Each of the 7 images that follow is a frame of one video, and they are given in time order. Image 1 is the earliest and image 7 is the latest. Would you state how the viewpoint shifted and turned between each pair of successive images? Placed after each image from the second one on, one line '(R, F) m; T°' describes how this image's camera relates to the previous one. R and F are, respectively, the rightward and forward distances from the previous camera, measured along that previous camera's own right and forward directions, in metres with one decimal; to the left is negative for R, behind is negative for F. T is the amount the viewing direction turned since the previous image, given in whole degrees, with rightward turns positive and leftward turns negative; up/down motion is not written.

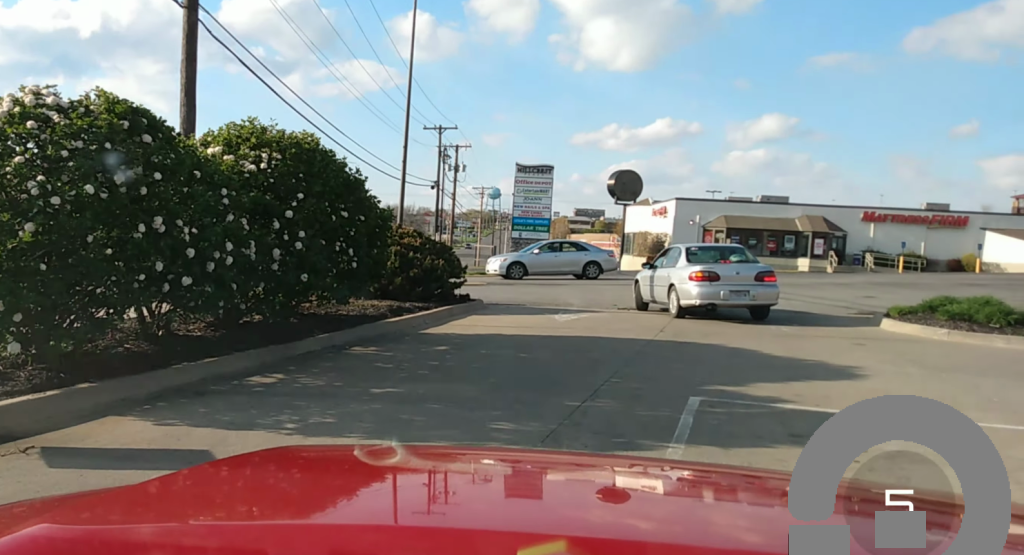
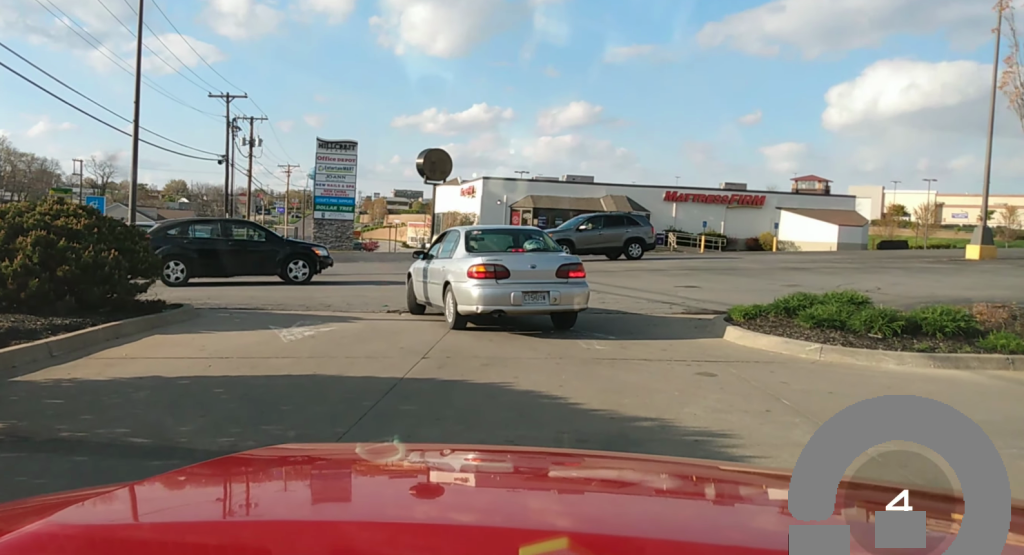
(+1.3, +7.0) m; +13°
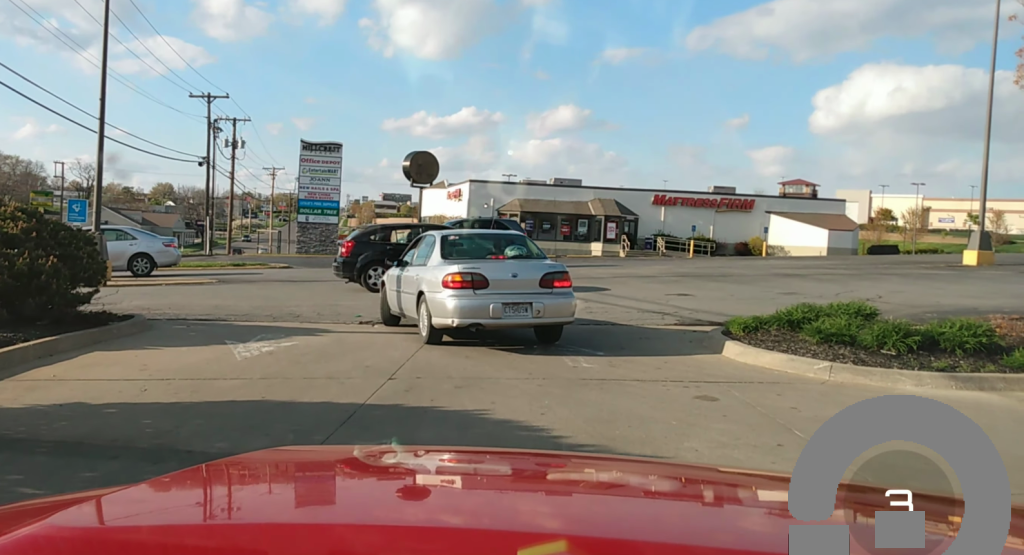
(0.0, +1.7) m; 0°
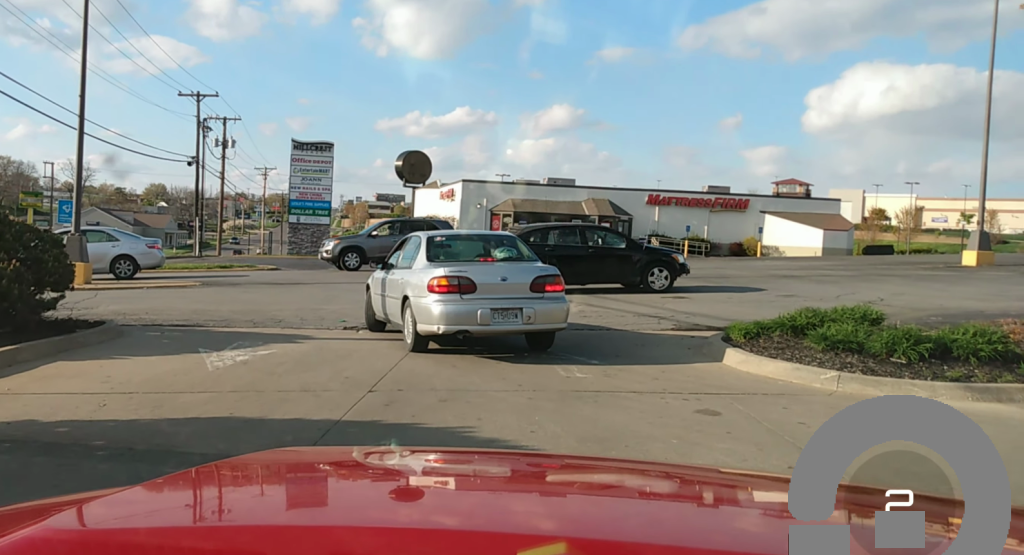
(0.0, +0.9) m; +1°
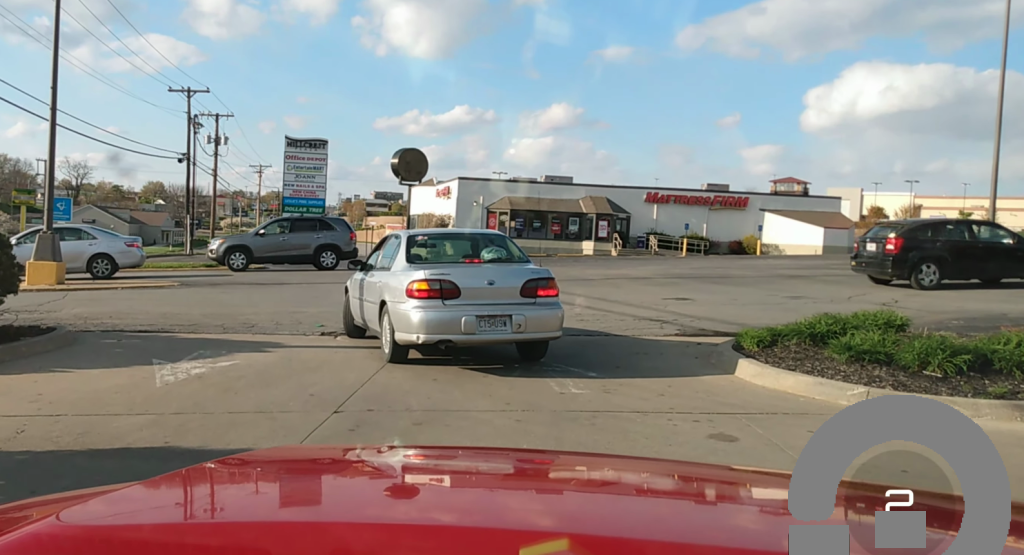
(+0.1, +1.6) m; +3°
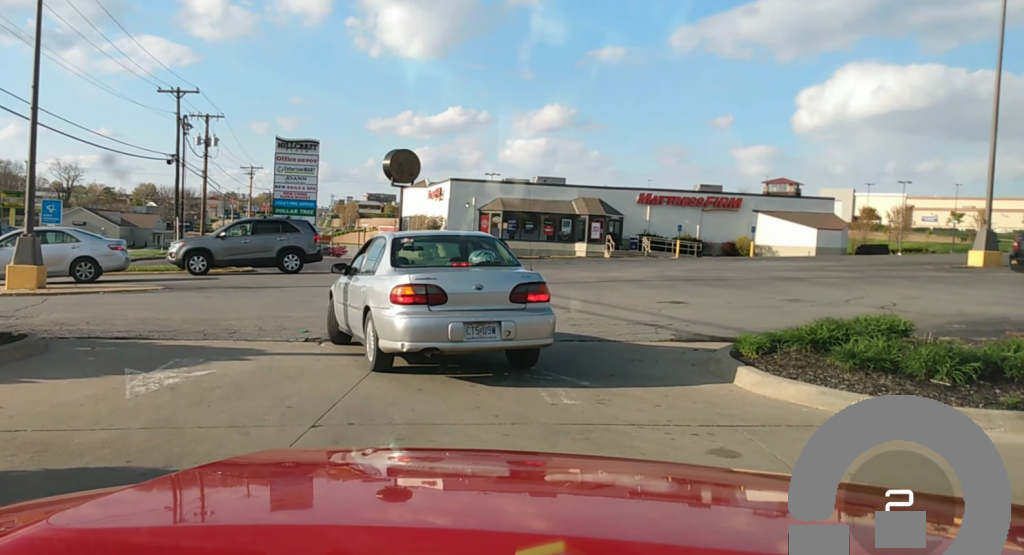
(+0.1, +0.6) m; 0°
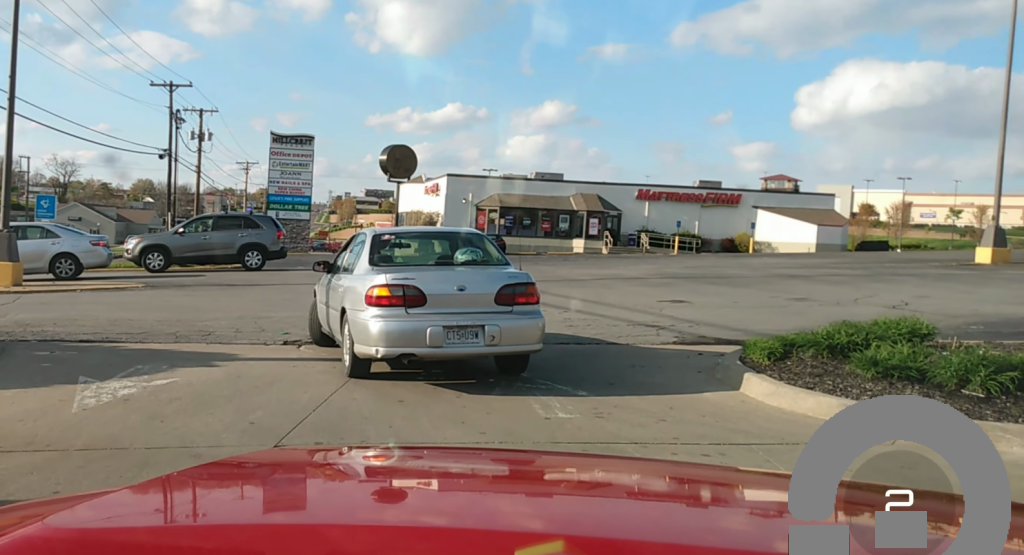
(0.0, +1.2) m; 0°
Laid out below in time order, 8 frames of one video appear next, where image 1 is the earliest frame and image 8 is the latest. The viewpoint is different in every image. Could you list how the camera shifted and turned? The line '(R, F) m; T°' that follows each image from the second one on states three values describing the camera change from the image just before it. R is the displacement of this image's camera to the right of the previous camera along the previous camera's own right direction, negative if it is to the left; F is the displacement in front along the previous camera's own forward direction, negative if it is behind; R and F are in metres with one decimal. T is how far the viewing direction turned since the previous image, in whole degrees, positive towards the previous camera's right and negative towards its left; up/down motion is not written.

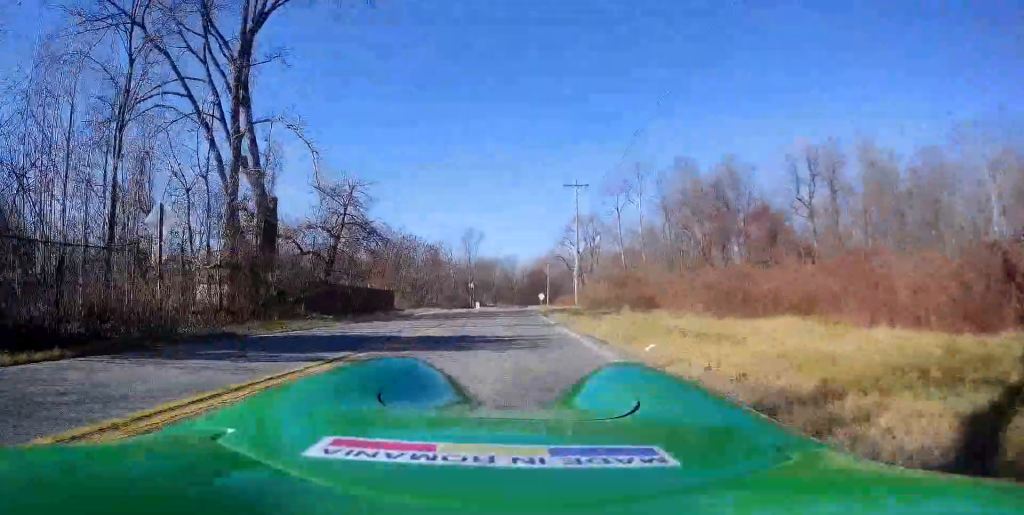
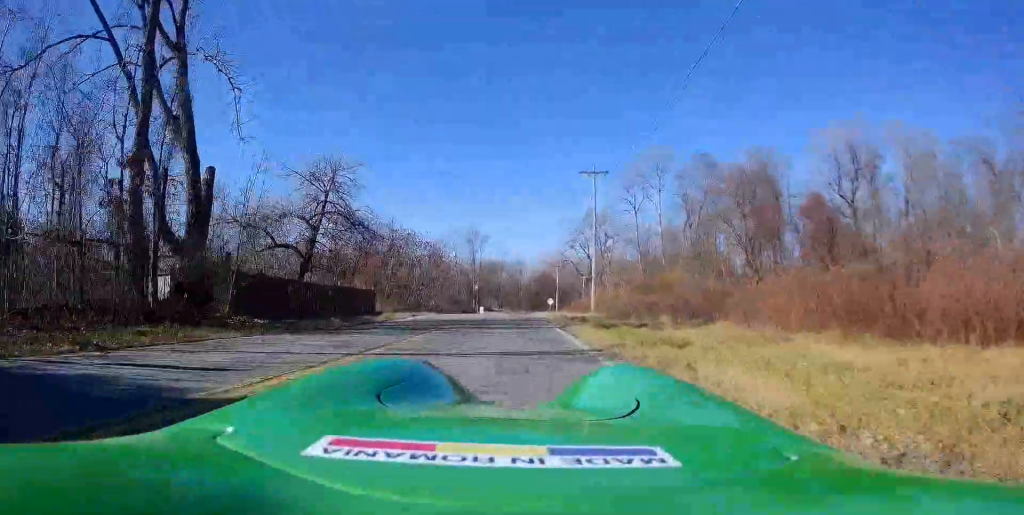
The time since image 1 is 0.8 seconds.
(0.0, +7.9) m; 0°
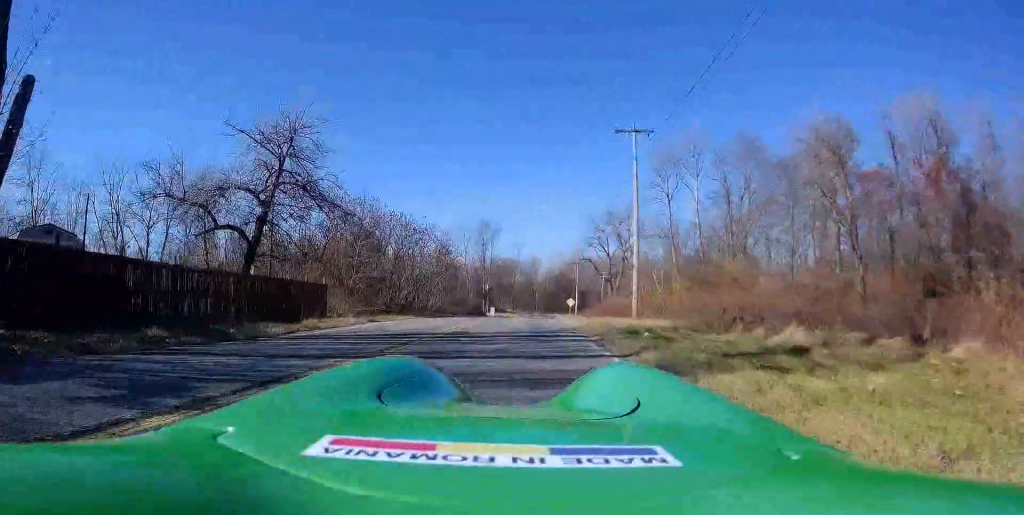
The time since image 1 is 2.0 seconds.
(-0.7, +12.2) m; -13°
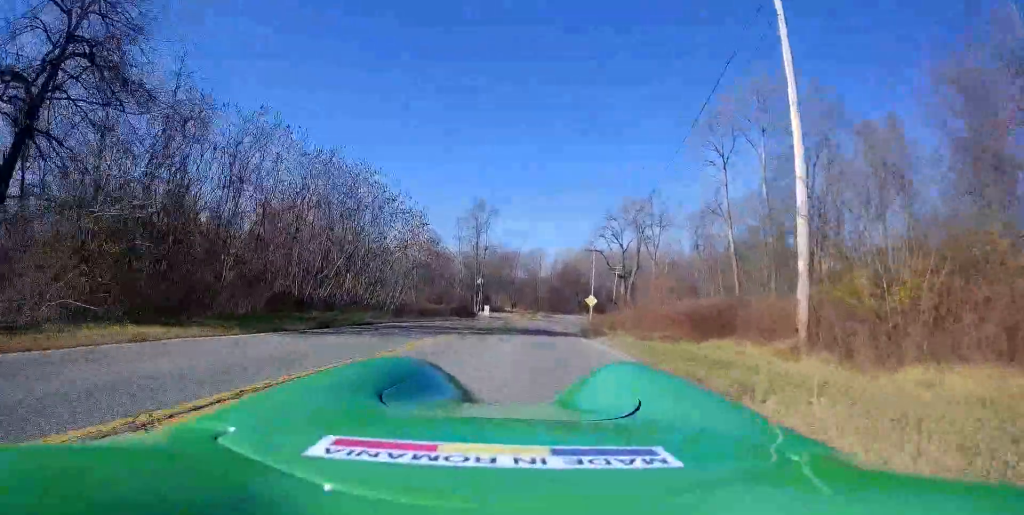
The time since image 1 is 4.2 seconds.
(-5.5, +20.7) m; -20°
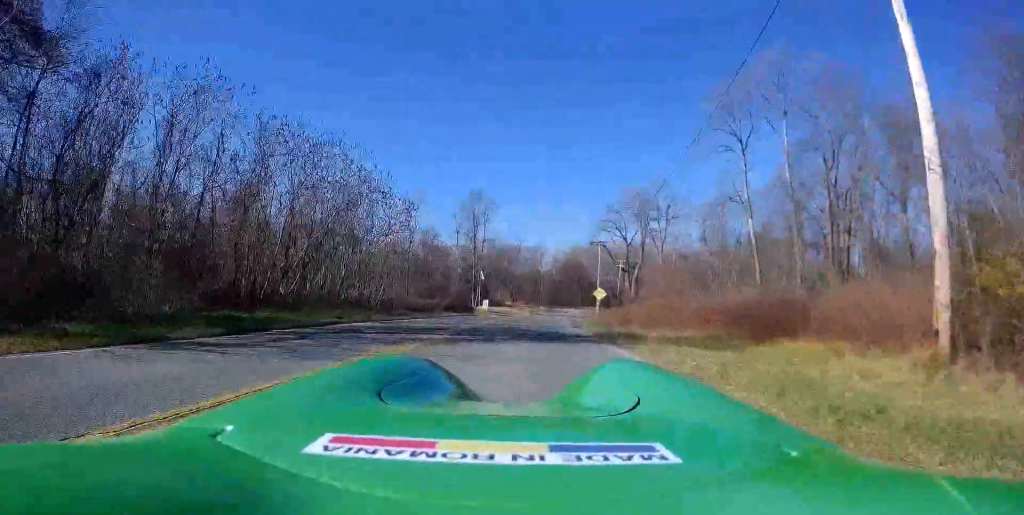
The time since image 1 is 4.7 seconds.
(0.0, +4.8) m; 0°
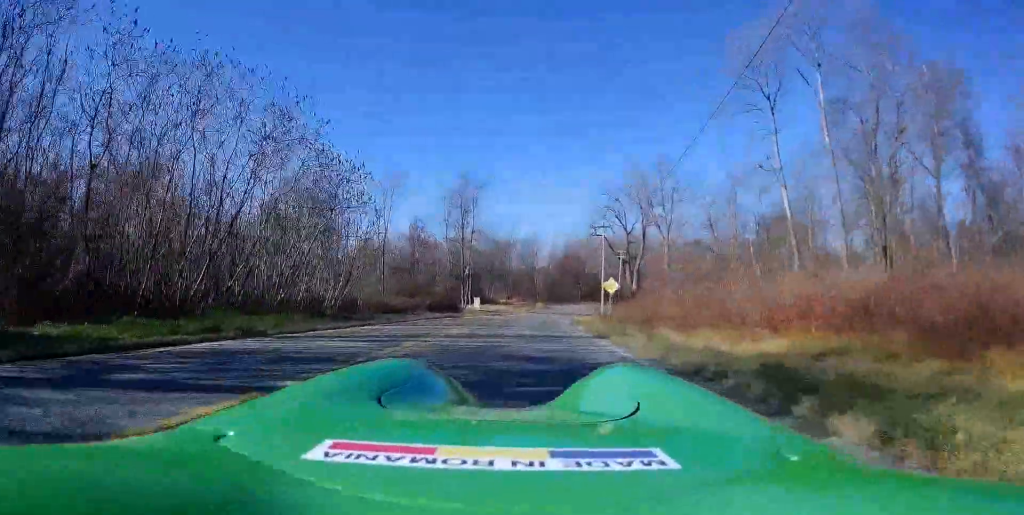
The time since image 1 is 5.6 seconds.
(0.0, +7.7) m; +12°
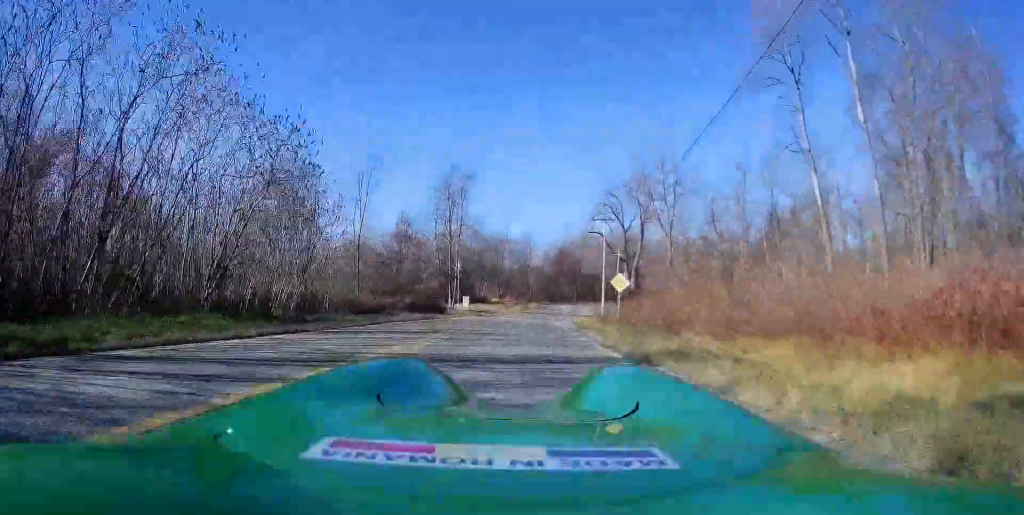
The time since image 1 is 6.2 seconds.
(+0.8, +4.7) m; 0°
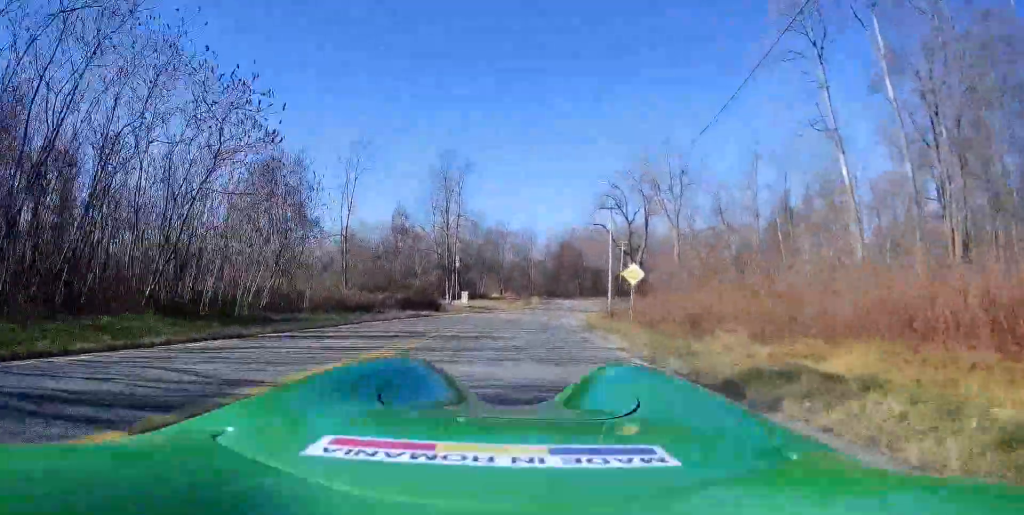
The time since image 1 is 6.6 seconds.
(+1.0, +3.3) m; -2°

================

Assignment =>
Return the records exactly. Don't carry the pictures over.

Output below =>
Each of the 7 images that follow is a frame of one video, and they are given in time order. Image 1 is the earliest and image 7 is the latest. Would you state how the viewpoint shifted and turned between each pair of successive images? Placed after each image from the second one on, one line '(R, F) m; T°' describes how this image's camera relates to the previous one. R and F are, respectively, the rightward and forward distances from the previous camera, measured along that previous camera's own right and forward directions, in metres with one decimal; to the left is negative for R, behind is negative for F. T is the amount the viewing direction turned since the previous image, given in whole degrees, with rightward turns positive and leftward turns negative; up/down motion is not written.

(+1.3, +7.0) m; +13°
(0.0, +1.7) m; 0°
(0.0, +0.9) m; +1°
(+0.1, +1.6) m; +3°
(+0.1, +0.6) m; 0°
(0.0, +1.2) m; 0°
Laid out below in time order, 8 frames of one video appear next, where image 1 is the earliest frame and image 8 is the latest. The viewpoint is different in every image. Could you list how the camera shifted and turned? The line '(R, F) m; T°' that follows each image from the second one on states three values describing the camera change from the image just before it. R is the displacement of this image's camera to the right of the previous camera along the previous camera's own right direction, negative if it is to the left; F is the displacement in front along the previous camera's own forward direction, negative if it is behind; R and F are in metres with one decimal. T is how far the viewing direction turned since the previous image, in whole degrees, positive towards the previous camera's right and negative towards its left; up/down motion is not written.

The time since image 1 is 0.8 seconds.
(0.0, +7.9) m; 0°
The time since image 1 is 2.0 seconds.
(-0.7, +12.2) m; -13°
The time since image 1 is 4.2 seconds.
(-5.5, +20.7) m; -20°
The time since image 1 is 4.7 seconds.
(0.0, +4.8) m; 0°
The time since image 1 is 5.6 seconds.
(0.0, +7.7) m; +12°
The time since image 1 is 6.2 seconds.
(+0.8, +4.7) m; 0°
The time since image 1 is 6.6 seconds.
(+1.0, +3.3) m; -2°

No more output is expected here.